• WHAT YOU HAVE TO DO
Return the entries that follow exactly, with no images.

START DATA FOR THE TASK

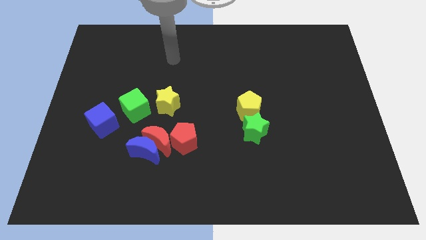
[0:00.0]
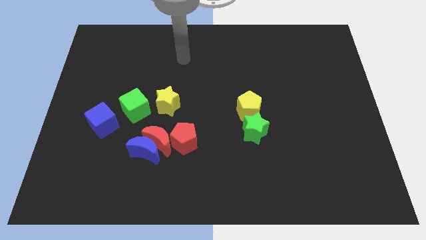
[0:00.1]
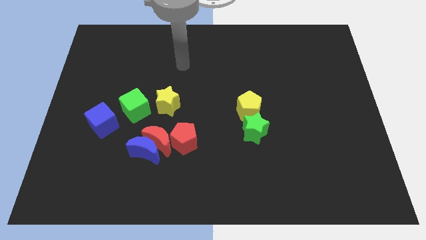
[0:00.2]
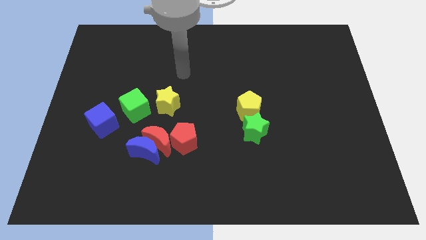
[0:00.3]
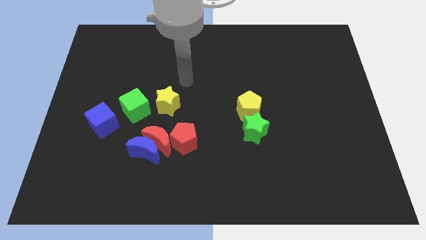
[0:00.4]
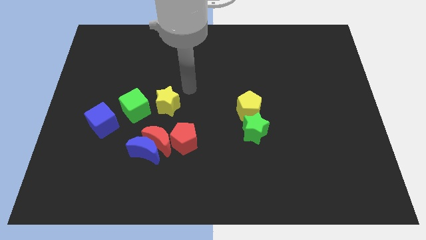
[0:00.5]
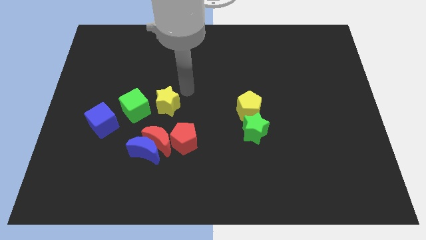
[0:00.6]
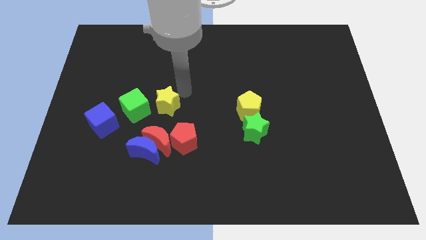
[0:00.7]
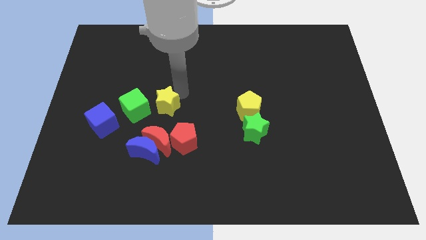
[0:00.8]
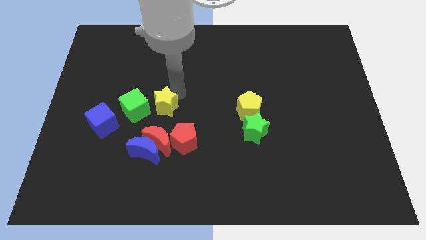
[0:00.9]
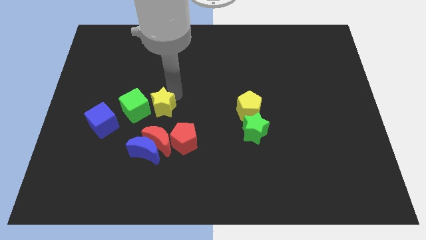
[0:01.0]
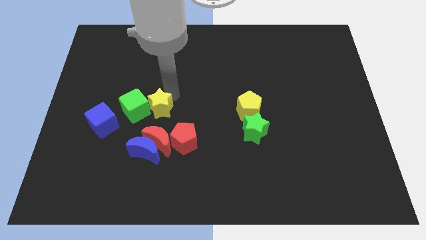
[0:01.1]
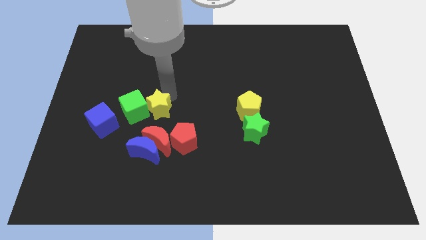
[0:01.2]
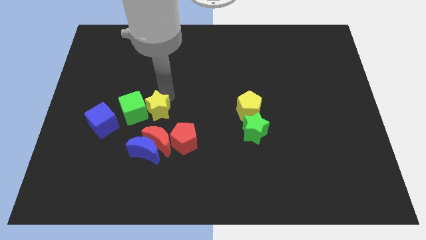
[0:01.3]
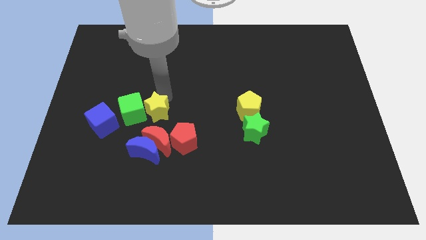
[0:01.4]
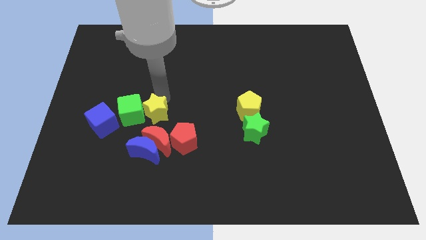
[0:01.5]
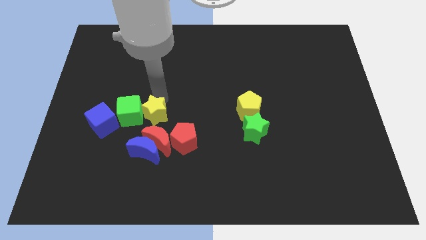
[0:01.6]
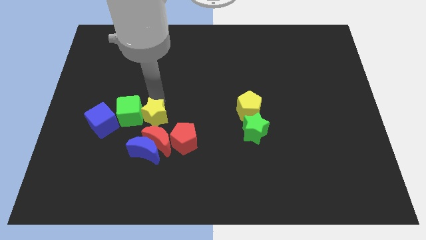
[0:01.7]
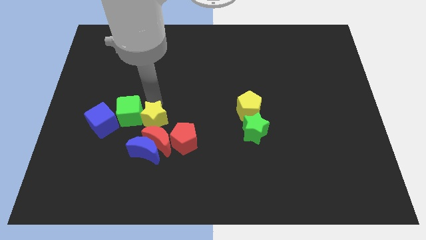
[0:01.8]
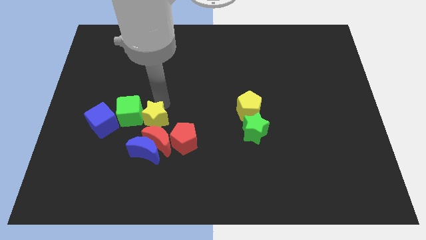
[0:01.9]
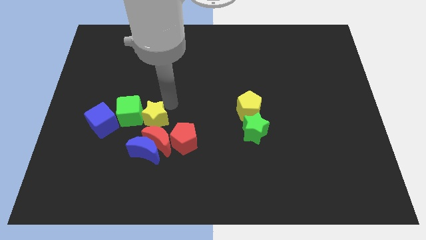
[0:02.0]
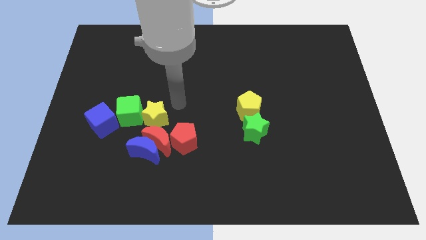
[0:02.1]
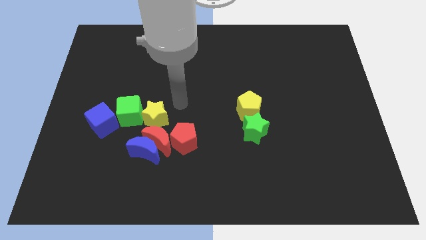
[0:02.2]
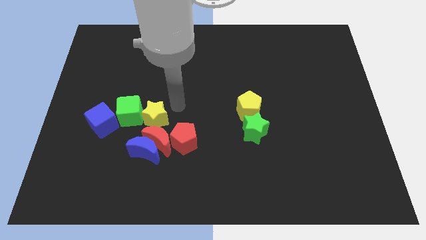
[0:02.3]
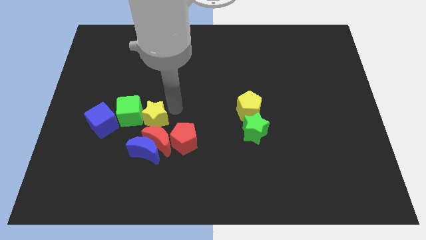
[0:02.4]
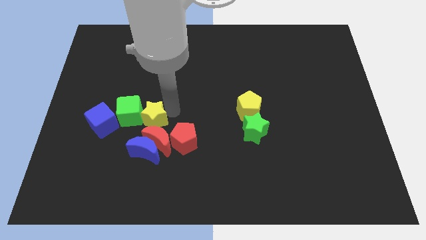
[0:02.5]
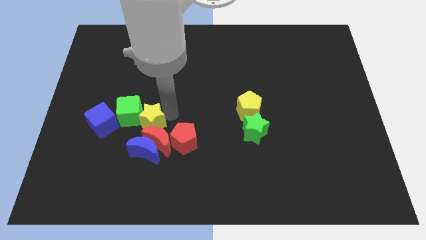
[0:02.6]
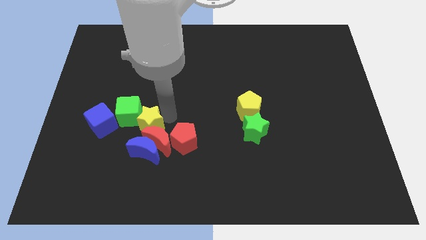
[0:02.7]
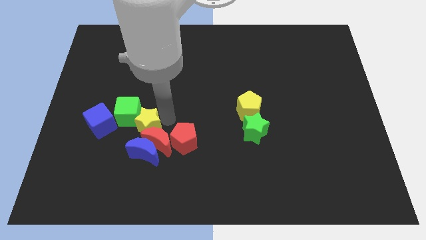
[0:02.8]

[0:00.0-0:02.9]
slightly push the yellow star diagonally down and to the left

END DATA FOR THE TASK

• ANSWER FOR THE TASK
[0:00.0]
[0:00.1]
[0:00.2]
[0:00.3]
[0:00.4]
[0:00.5]
[0:00.6]
[0:00.7]
[0:00.8]
[0:00.9]
[0:01.0]
[0:01.1]
[0:01.2]
[0:01.3]
[0:01.4]
[0:01.5]
[0:01.6]
[0:01.7]
[0:01.8]
[0:01.9]
[0:02.0]
[0:02.1]
[0:02.2]
[0:02.3]
[0:02.4]
[0:02.5]
[0:02.6]
[0:02.7]
[0:02.8]

[0:00.0-0:02.9]
slightly push the yellow star diagonally down and to the left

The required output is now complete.